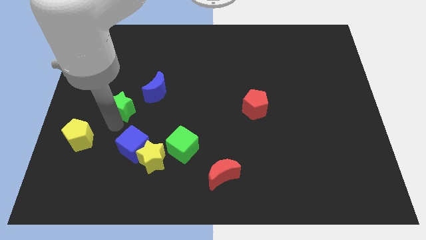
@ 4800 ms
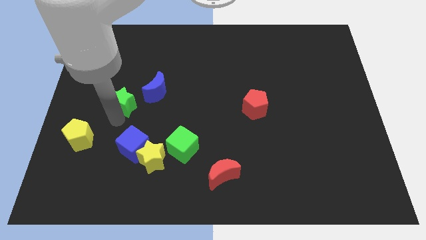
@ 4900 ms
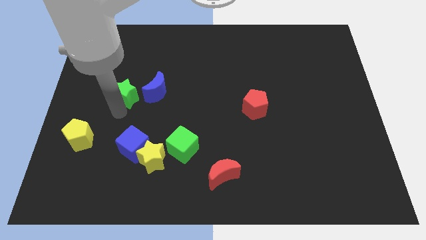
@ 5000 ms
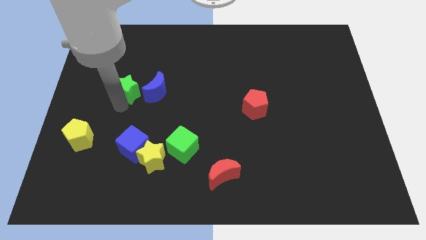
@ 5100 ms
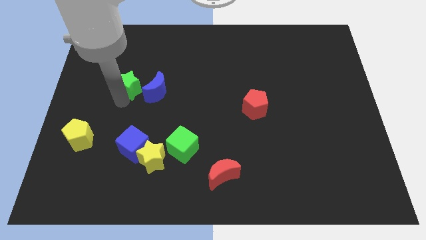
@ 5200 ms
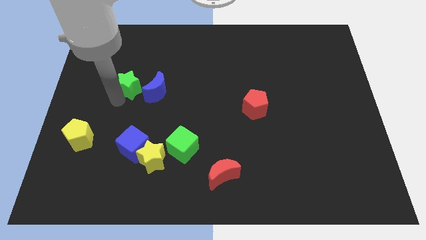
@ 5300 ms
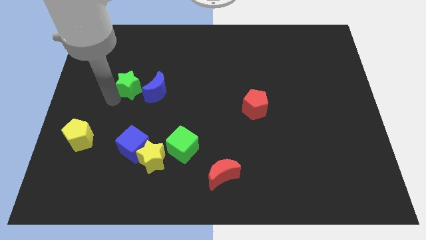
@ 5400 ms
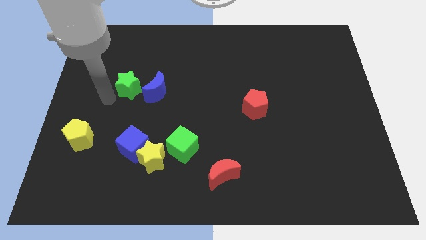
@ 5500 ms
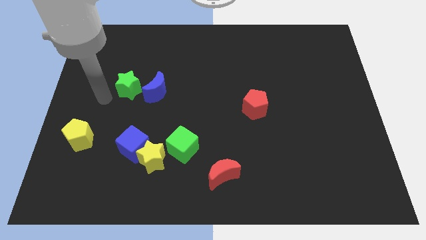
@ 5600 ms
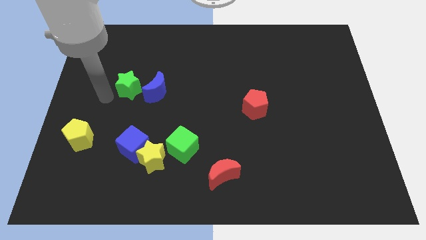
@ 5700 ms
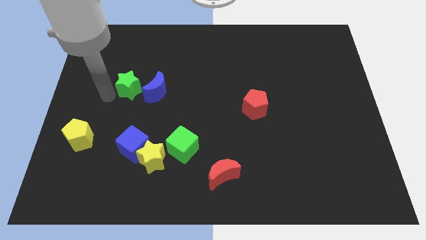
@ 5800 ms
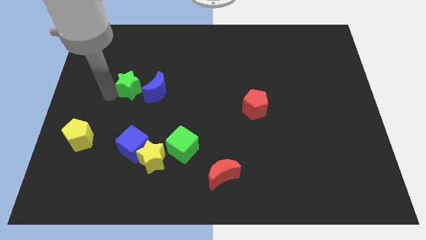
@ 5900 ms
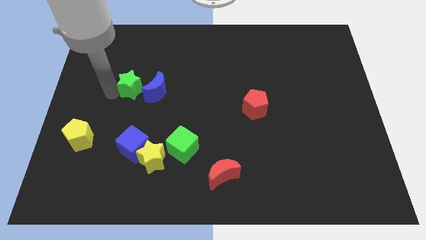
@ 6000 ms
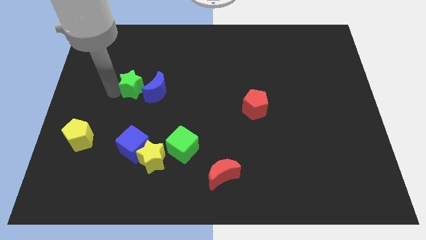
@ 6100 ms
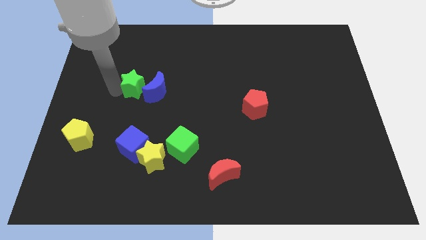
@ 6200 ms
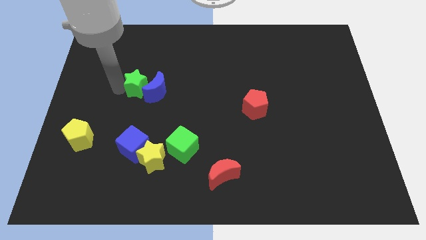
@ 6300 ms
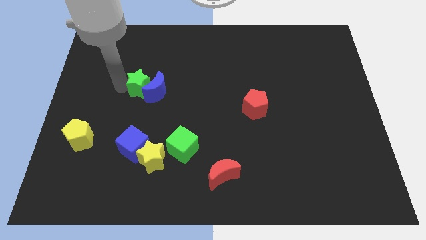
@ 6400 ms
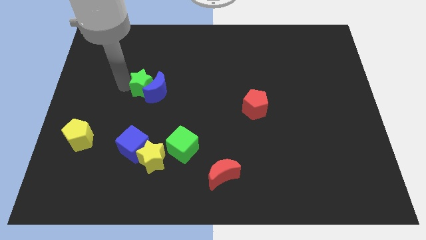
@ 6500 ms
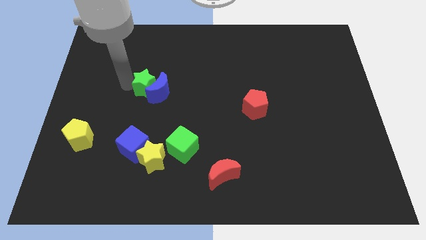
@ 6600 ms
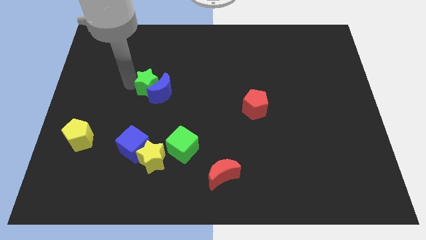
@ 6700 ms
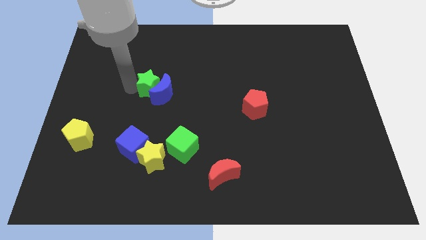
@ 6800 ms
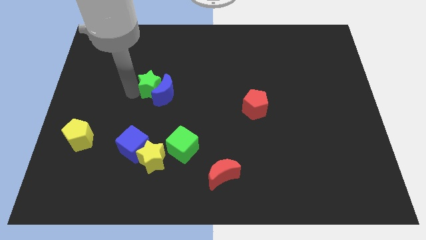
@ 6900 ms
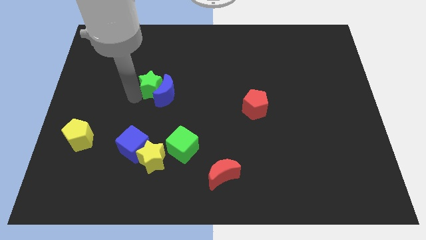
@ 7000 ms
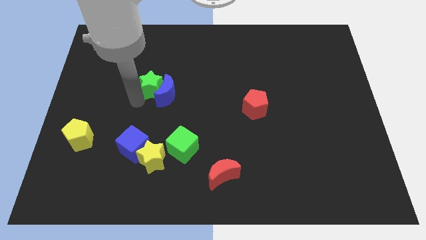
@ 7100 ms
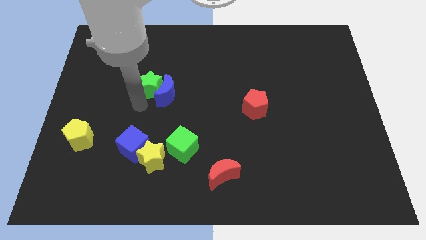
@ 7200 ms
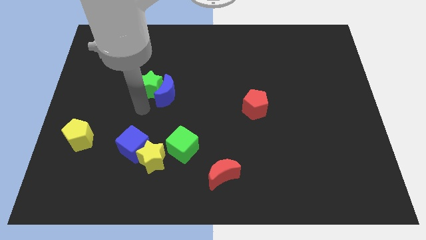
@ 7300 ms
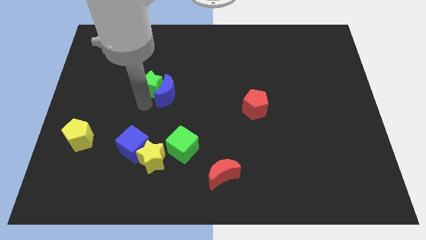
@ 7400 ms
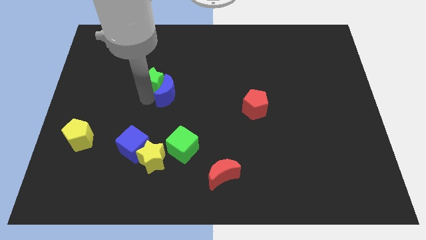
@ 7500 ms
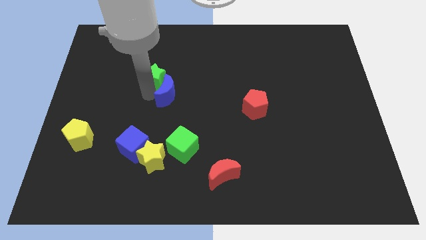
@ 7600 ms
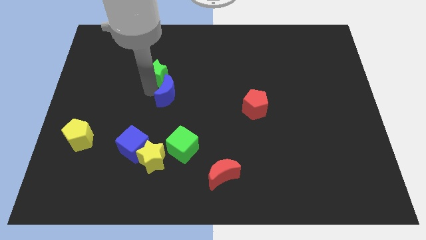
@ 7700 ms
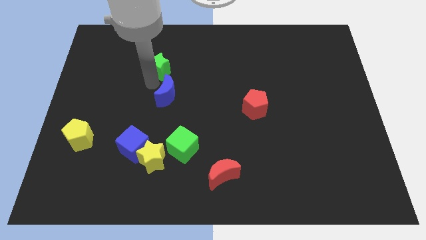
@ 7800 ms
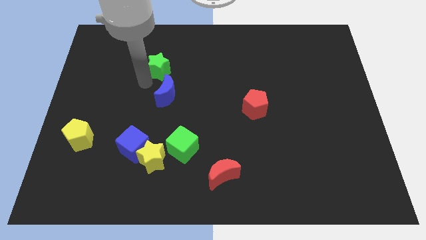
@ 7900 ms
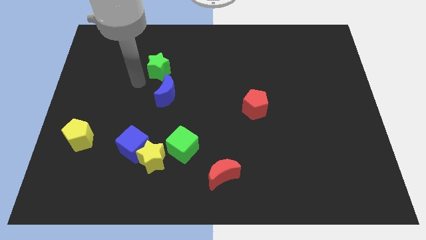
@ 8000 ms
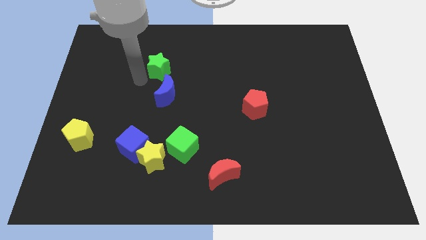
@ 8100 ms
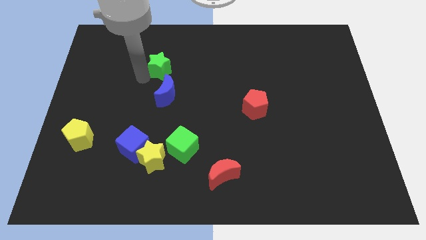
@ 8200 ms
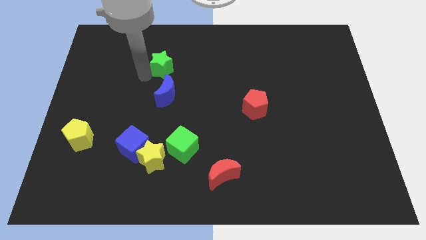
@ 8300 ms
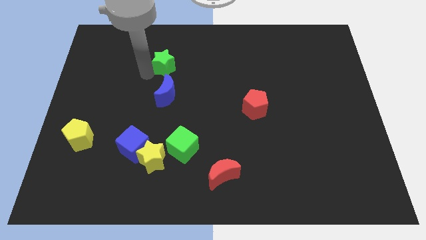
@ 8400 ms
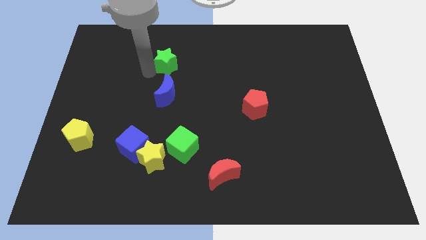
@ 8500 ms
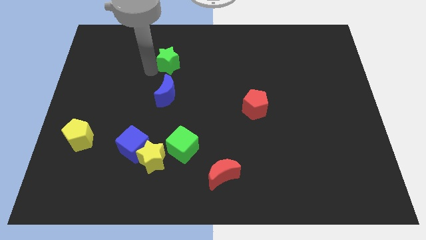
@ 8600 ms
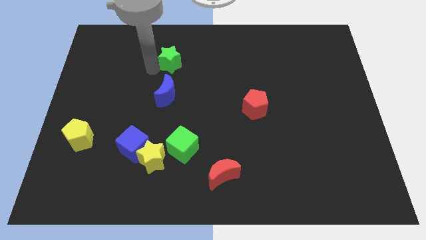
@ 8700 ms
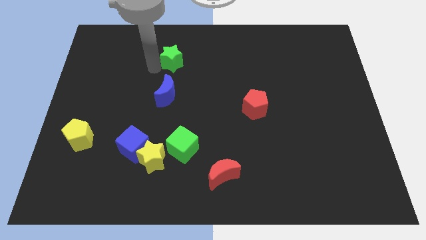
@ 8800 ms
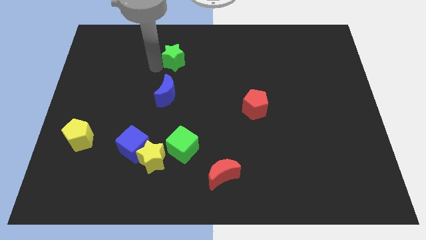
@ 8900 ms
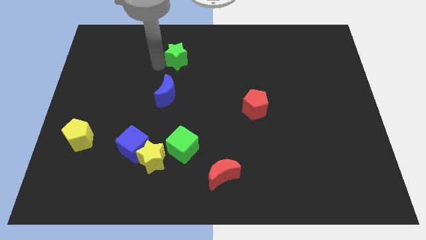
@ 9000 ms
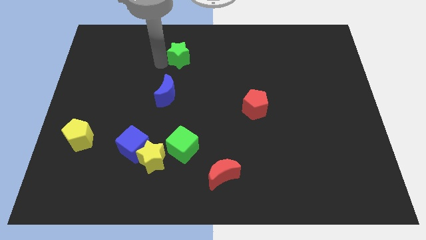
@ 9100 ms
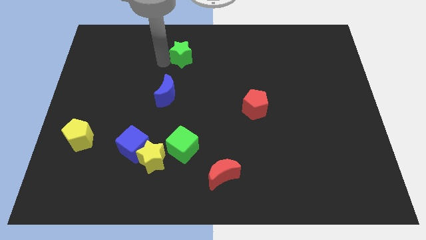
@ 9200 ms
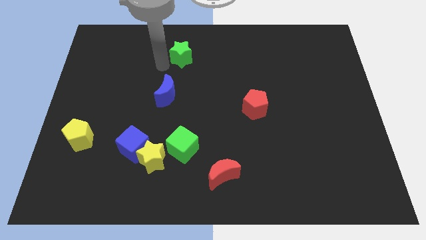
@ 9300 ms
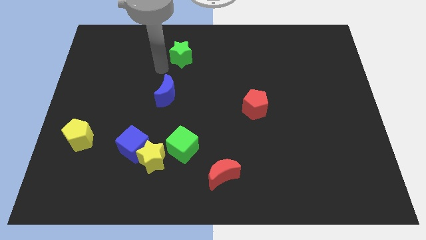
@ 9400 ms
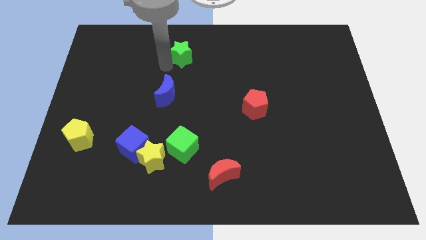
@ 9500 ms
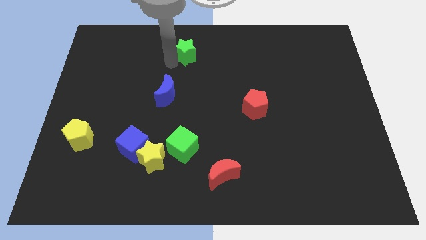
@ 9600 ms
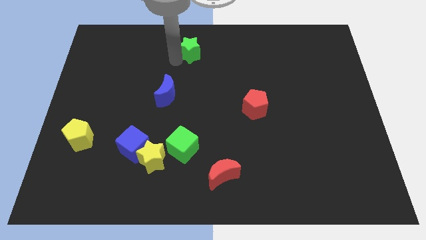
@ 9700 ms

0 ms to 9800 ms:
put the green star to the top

※ ※ ※

**Work required**
Whenever a picture appears in the listing, leave it out; copy everything else exactly.

**Result of the task**
@ 4800 ms
@ 4900 ms
@ 5000 ms
@ 5100 ms
@ 5200 ms
@ 5300 ms
@ 5400 ms
@ 5500 ms
@ 5600 ms
@ 5700 ms
@ 5800 ms
@ 5900 ms
@ 6000 ms
@ 6100 ms
@ 6200 ms
@ 6300 ms
@ 6400 ms
@ 6500 ms
@ 6600 ms
@ 6700 ms
@ 6800 ms
@ 6900 ms
@ 7000 ms
@ 7100 ms
@ 7200 ms
@ 7300 ms
@ 7400 ms
@ 7500 ms
@ 7600 ms
@ 7700 ms
@ 7800 ms
@ 7900 ms
@ 8000 ms
@ 8100 ms
@ 8200 ms
@ 8300 ms
@ 8400 ms
@ 8500 ms
@ 8600 ms
@ 8700 ms
@ 8800 ms
@ 8900 ms
@ 9000 ms
@ 9100 ms
@ 9200 ms
@ 9300 ms
@ 9400 ms
@ 9500 ms
@ 9600 ms
@ 9700 ms

0 ms to 9800 ms:
put the green star to the top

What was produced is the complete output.